La Gomera is divided in several municipalities or regions which might seem to have little logic but whose division was inherited from the former aborigines' tribal kingdoms. Nowadays these are: San Sebastian (where the main seaport and island's capital are located), Hermigua, Agulo, Vallehermoso, Valle Gran Rey and Alajeró.

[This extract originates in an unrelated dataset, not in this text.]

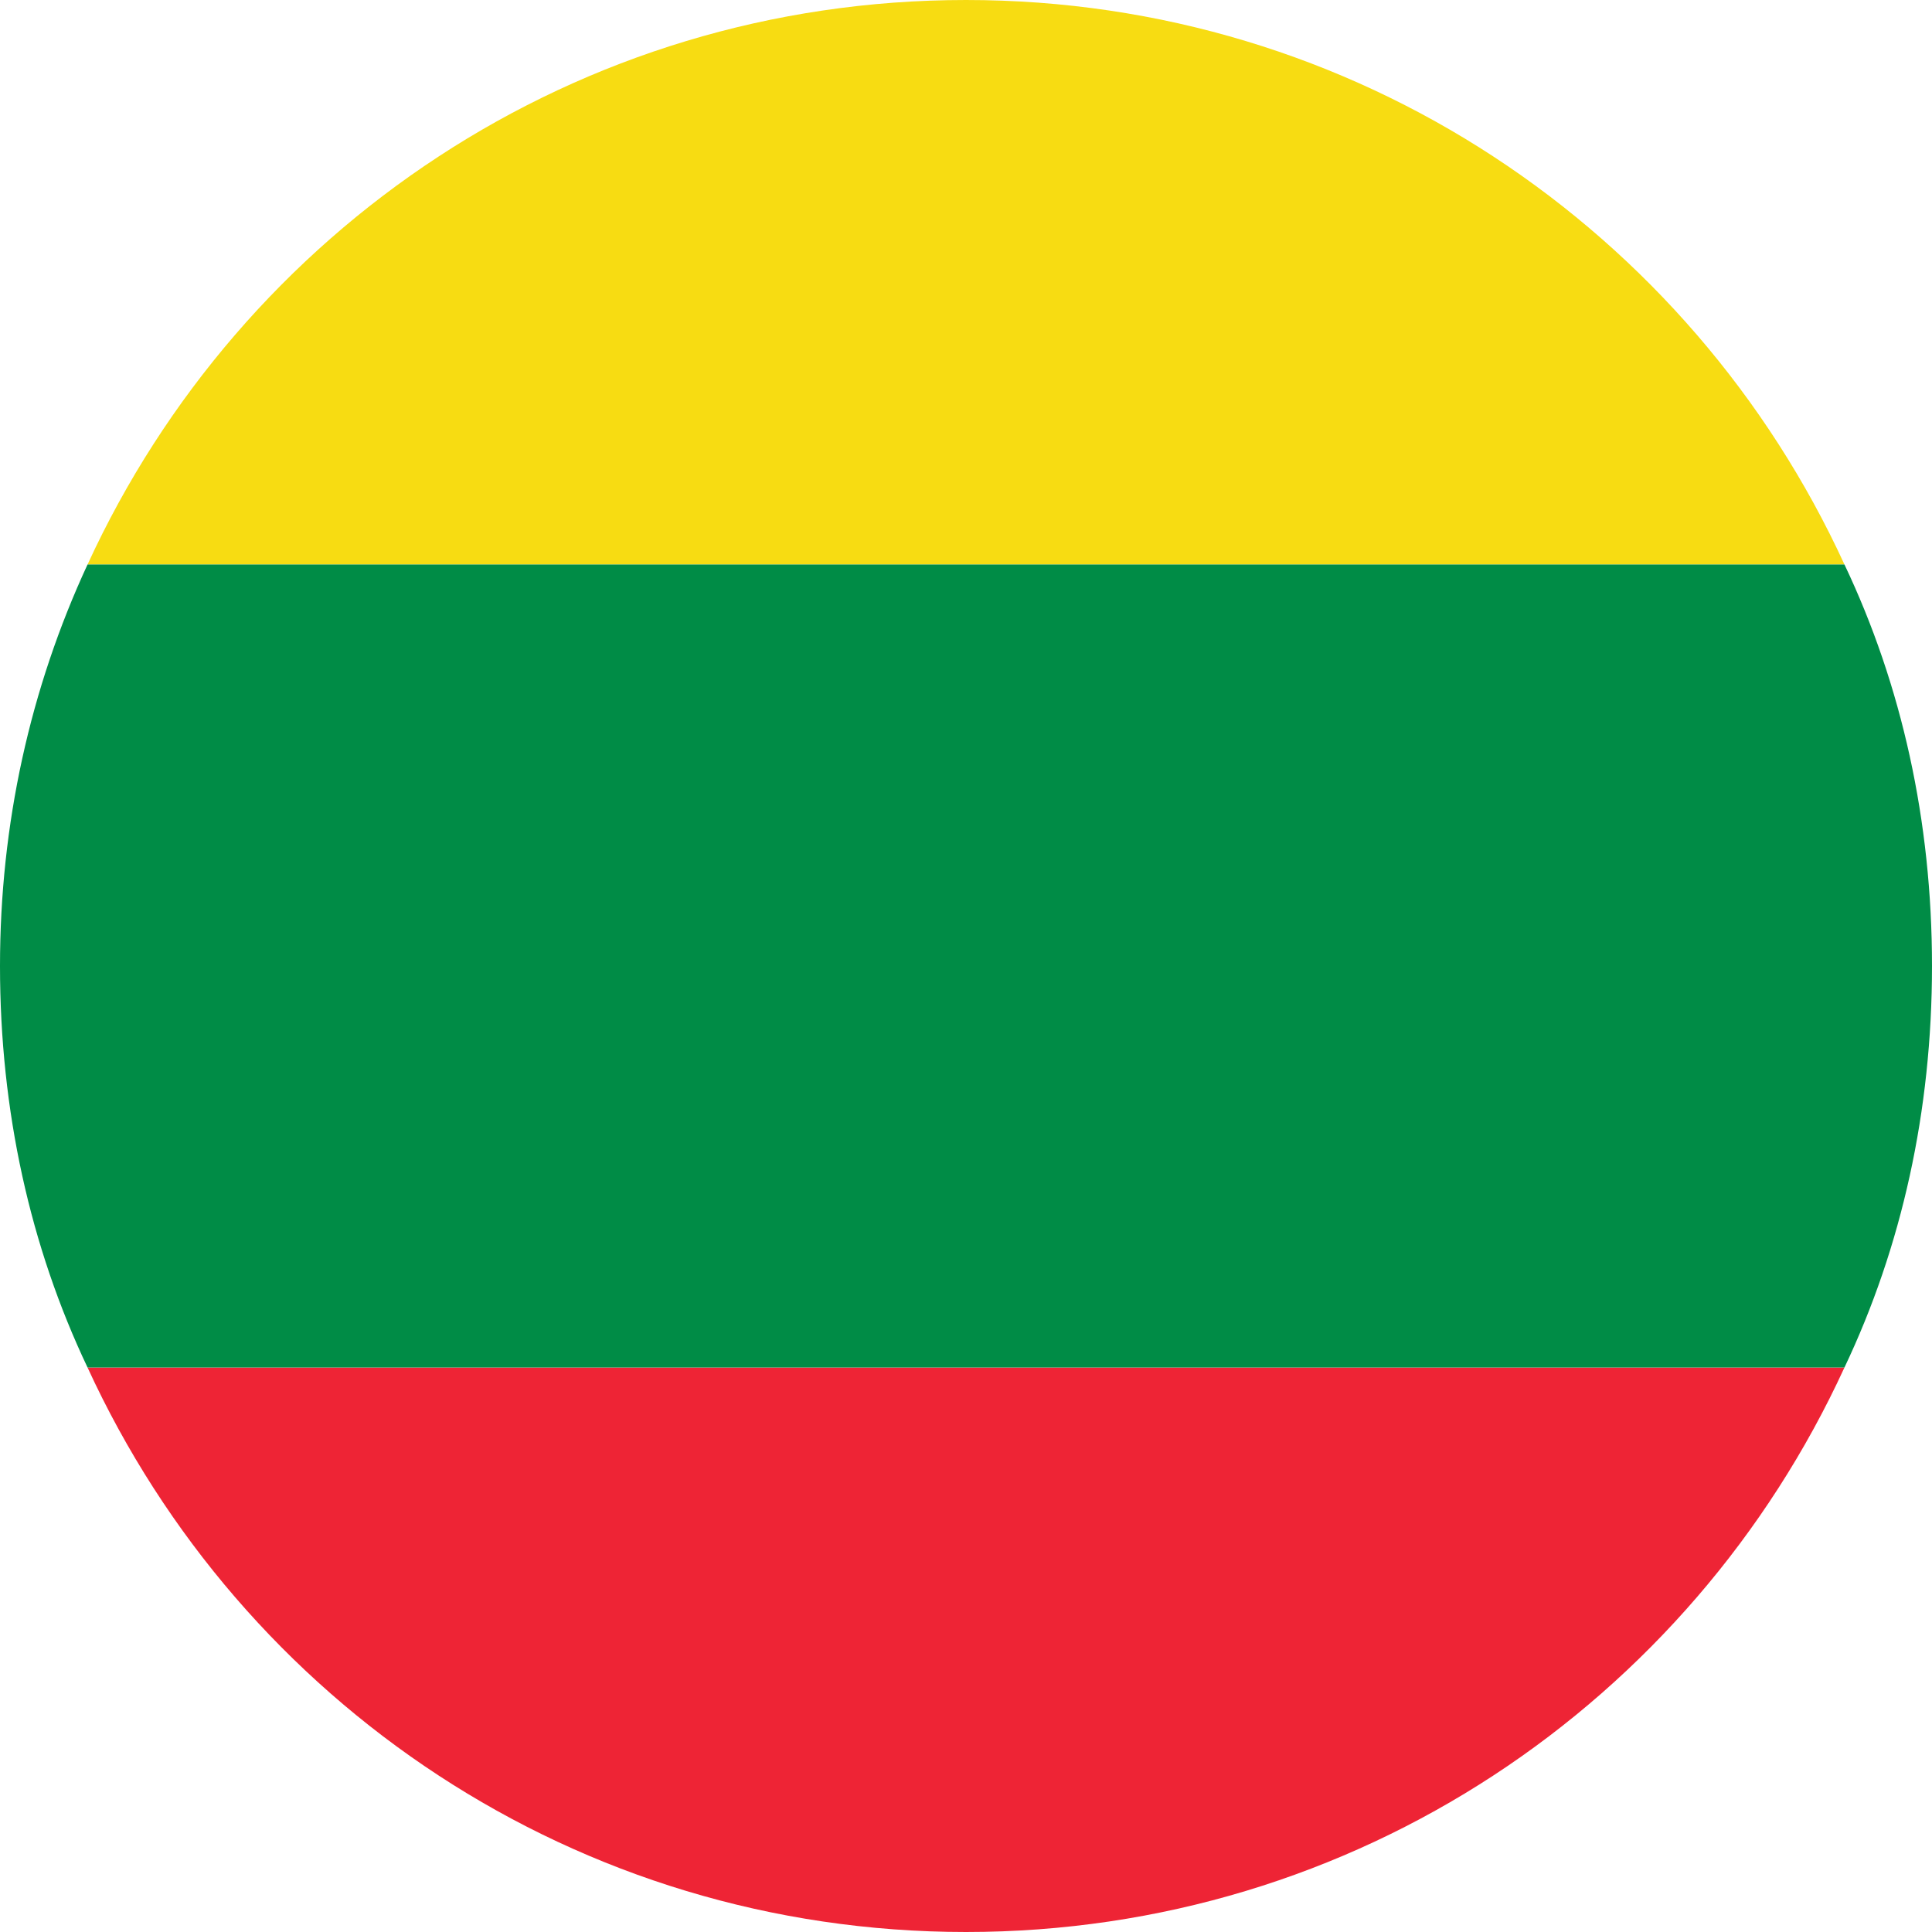 <svg width="64" height="64" viewBox="0 0 64 64" fill="none" xmlns="http://www.w3.org/2000/svg">
<path d="M32 0C19.1 0 8 7.6 2.9 18.7H61.1C56 7.6 44.9 0 32 0Z" fill="#F7DC12"/>
<path d="M32 64C44.9 64 56 56.4 61.1 45.3H2.9C8 56.4 19.1 64 32 64Z" fill="#EE2435"/>
<path d="M64 32C64 27.2 63 22.7 61.1 18.7H2.9C1 22.8 0 27.3 0 32C0 36.8 1 41.3 2.9 45.3H61.1C63 41.3 64 36.8 64 32Z" fill="#008C46"/>
</svg>

  • San Sebastian de la Gomera - Capital and main port. Columbus set sail from here. It has several nice black sand beaches and some historic buildings like the Count's Tower or the Church of La Asunción. Throughout the years it has grown over the hills and inside the valley.
  • Hermigua - The first stop of the north route departing from San Sebastian. Formerly a wealthy agricultural valley, it still has many banana and exotic fruits plantations, and due to this bucolic landscape it now has become a destination for exclusive travelers. The town is stretched out down the valley. It features the island's only natural swimming pool, several charming beaches with views to Tenerife and is a great trekking base to discover Garajonay National Park and the island's green north due to it's proximity to San Sebastian and El Cedro Forest.
  • Agulo - Compact small town by Hermigua divided in two parts, it is surrounded by massive mountains. It has a charming town center and great views to Tenerife. On the rainy season you can get to see waterfalls from each mountain.
  • Vallehermoso - Much improved small town, it is the last stop of the northern route. It's symbol is the Cano Rock, the largest eroded volcano chimney remaining in the island. As Hermigua and Agulo, it has evolved from agricultural-based economy to a slow tourism destination linked to trekking.
  • Valle Gran Rey - Main tourist resort, thanks to its beaches. Formerly a hippie hangout retaining an alternative feel in places. It is located in the westernmost part of the island. It's named after the "Great King", who ruled for a brief period over all the kings of the island.
  • Playa de Santiago - Small tourist resort dominated by large hotel complex owned by Fred Olsen, the ferry company. Formerly a fishing port with a canning factory, it has become the island's second largest touristic area thanks to the large hotel Tecina. The island's only golf course sits here.

Other destinations[edit]

  • Garajonay National Park - World heritage site. It protects the largest laurel rainforest remaining on Earth. This environment extended all around the Mediterranean Sea in the Tertiary Era, so the National Park is considered a living relic. Crisscrossed with footpaths of several difficulty levels, it is known as the green heart of La Gomera.
  • Los Organos Cliff - A landscape only visible from the ocean, this cliff is located by Vallehermoso, in the north of the island. Boats departing from Playa Santiago and Valle Gran Rey offer weekly trips around the island to visit it. It's name is because of the rocks, shaped by water and lava as church organ tubes. An impressive view from the ocean.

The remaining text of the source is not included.